Friday, January 16, 2009
I had hope that the New Year would be better, that I had hit the bottom and could only go up but, apparently, I was wrong. This year has not gotten better and I feel like the hole is just getting deeper and soon I won't be able to see the light at the top. I've made a mess out of my life and I no longer know how to fix it. While solving my financial problems will help, it won't be enough to get me out at this point. I'm not even sure medication can do it anymore. I'm overwhelmed and feel like I no longer have control over anything. It's not a place I want to be but I'm not sure how to get to a better place.
I just keep falling and, when I think I've hit bottom, it turns out to just be a ledge and I eventually start falling again. There has to be a bottom....right?
Friday, January 09, 2009
WARNING: There may be spoilers, read at your own risk.
I love Jeffrey Dean Morgan. He plays a hot dead guy and, let's face it, playing dead has kind of become his niche, but his storyline on Grey's has got to be the most ridiculous thing I've ever seen! If the show hadn't yet jumped the shark, and I personally think it jumped when Meridith didn't die, it definitely jumped the day Izzie had sex with a dead guy. The thing is, I can't stop watching! I need to know where this crazy storyline is going.

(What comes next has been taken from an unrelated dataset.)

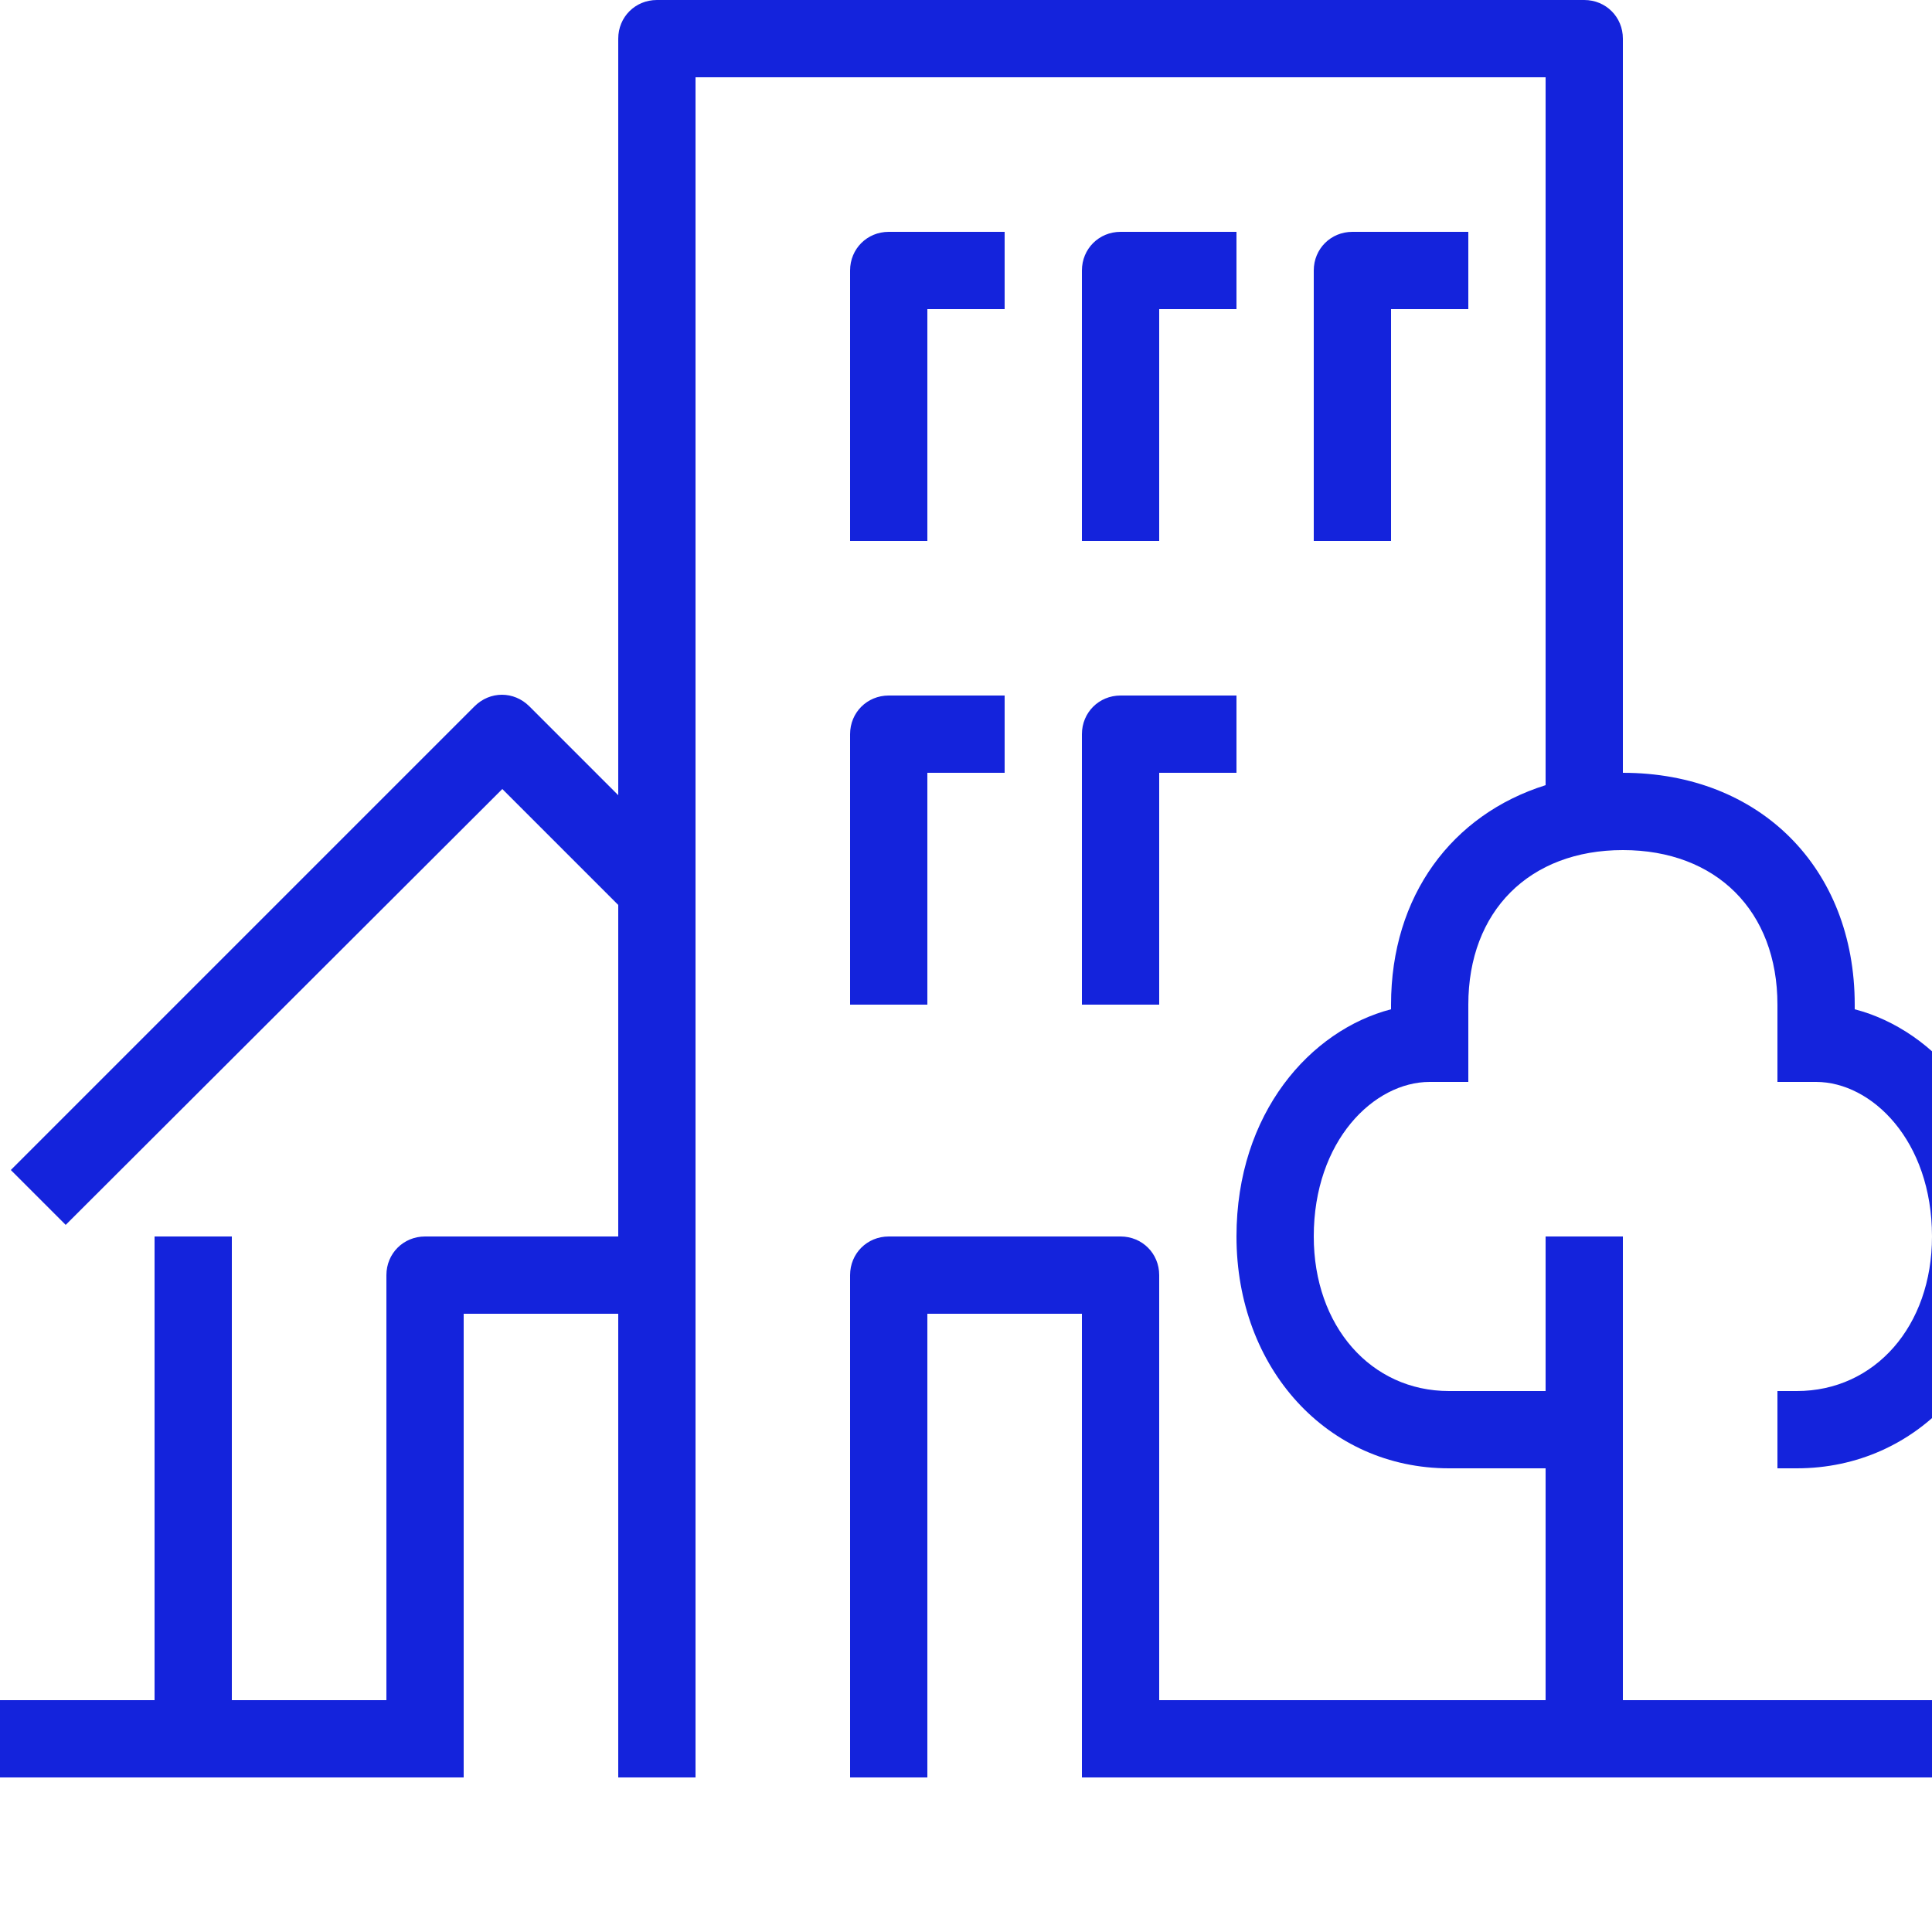 <svg aria-hidden="true" width="25" height="25" fill="none" xmlns="http://www.w3.org/2000/svg">
     <path d="M25,16c0-1.24-.78-2-1.5-2h-.5v-1c0-1.21-.79-2-2-2s-2,.79-2,2v1h-.5c-.72,0-1.5,.76-1.5,2,0,1.16,.74,2,1.75,2h1.25v-2h1v6h4v1H14v-6h-2v6h-1v-6.5c0-.28,.22-.5,.5-.5h3c.28,0,.5,.22,.5,.5v5.5h5v-3h-1.25c-1.57,0-2.75-1.29-2.75-3,0-1.6,.96-2.67,2-2.94v-.06c0-1.41,.79-2.46,2-2.84V1H9V23h-1v-6h-2v6H0v-1H2v-6h1v6h2v-5.5c0-.28,.22-.5,.5-.5h2.5v-4.29l-1.5-1.5L.85,15.85l-.71-.71,6-6c.2-.2,.51-.2,.71,0l1.15,1.15V.5c0-.28,.22-.5,.5-.5h12c.28,0,.5,.22,.5,.5V10c1.77,0,3,1.23,3,3v.06c1.04,.27,2,1.34,2,2.94,0,1.71-1.18,3-2.75,3h-.25v-1h.25c1.01,0,1.75-.84,1.75-2ZM12,4h1v-1h-1.5c-.28,0-.5,.22-.5,.5v3.5h1v-3Zm3,0h1v-1h-1.5c-.28,0-.5,.22-.5,.5v3.5h1v-3Zm3,0h1v-1h-1.5c-.28,0-.5,.22-.5,.5v3.5h1v-3Zm-7,9h1v-3h1v-1h-1.5c-.28,0-.5,.22-.5,.5v3.5Zm3,0h1v-3h1v-1h-1.5c-.28,0-.5,.22-.5,.5v3.5Z" fill="#1423DC"/>
</svg>

Is Denny there to take Izzie to the great beyond and, if so, how is she going to die? Will Eric Stoltz slit her throat or will Christina finally try to murder Meredith only to have Izzie jump in the way and get killed instead?
Really people, why is this Izzie banging a dead guy storyline so surprising? Did we really take a show that uses the nicknames McDreamy and McSteamy so seriously in the first place? Sure it makes no sense, but when has this show really made sense? The interns don't look any younger than the residents. They've had explosions, floods, and a bunch of other tragedies at the hospital. Derek is in love with Meredith. Does any of that really make sense?
Let's just enjoy this show for what it is, a guilty pleasure that isn't taking itself so seriously. Truthfully, there are enough serious dramas out there with Law & Order, CSI, Bones, House, and Ghost Whisperer (ok, maybe not Ghost Whisperer) that I don't mind a little bit of stupidity in my week. As I said, Jeffrey Dean Morgan is hot and I can withstand a dumb storyline to see more of his hotness. I just wish he'd change his clothes, that gray shirt is driving me nuts. You would think that if a dead guy could have sex, he could change his clothes every once in a while.
Tuesday, January 06, 2009
This is my great-grandmother on her 100th birthday this past April. A few days later there was a huge party with a couple hundred members of her family. She had a brand new dress for the occassion and seemed to have a good time despite being overwhelmed. Just a few short hours ago, this lovely lady passed away. I don't know the details but she was 100 so I don't think it's that difficult to figure out.
I don't have much more I want to say at the moment. I'm still processing everything. I will say that I'm glad I got back to Maine for her birthday party as I won't be able to afford the flight back for the funeral. Anyway, it's probably better to remember her as she was last April 15th.
Funeral arrangements are in progress but she won't actually be buried until spring. There will be another service at that time and my goal will be to fly out to Maine for that.
Apparently she knew her time was about up as, on New Years, she told one of the relatives that she wasn't going to need the TV anymore. She lost a son a few years ago and her sister about a month ago and it was just getting harder for her. It was her time.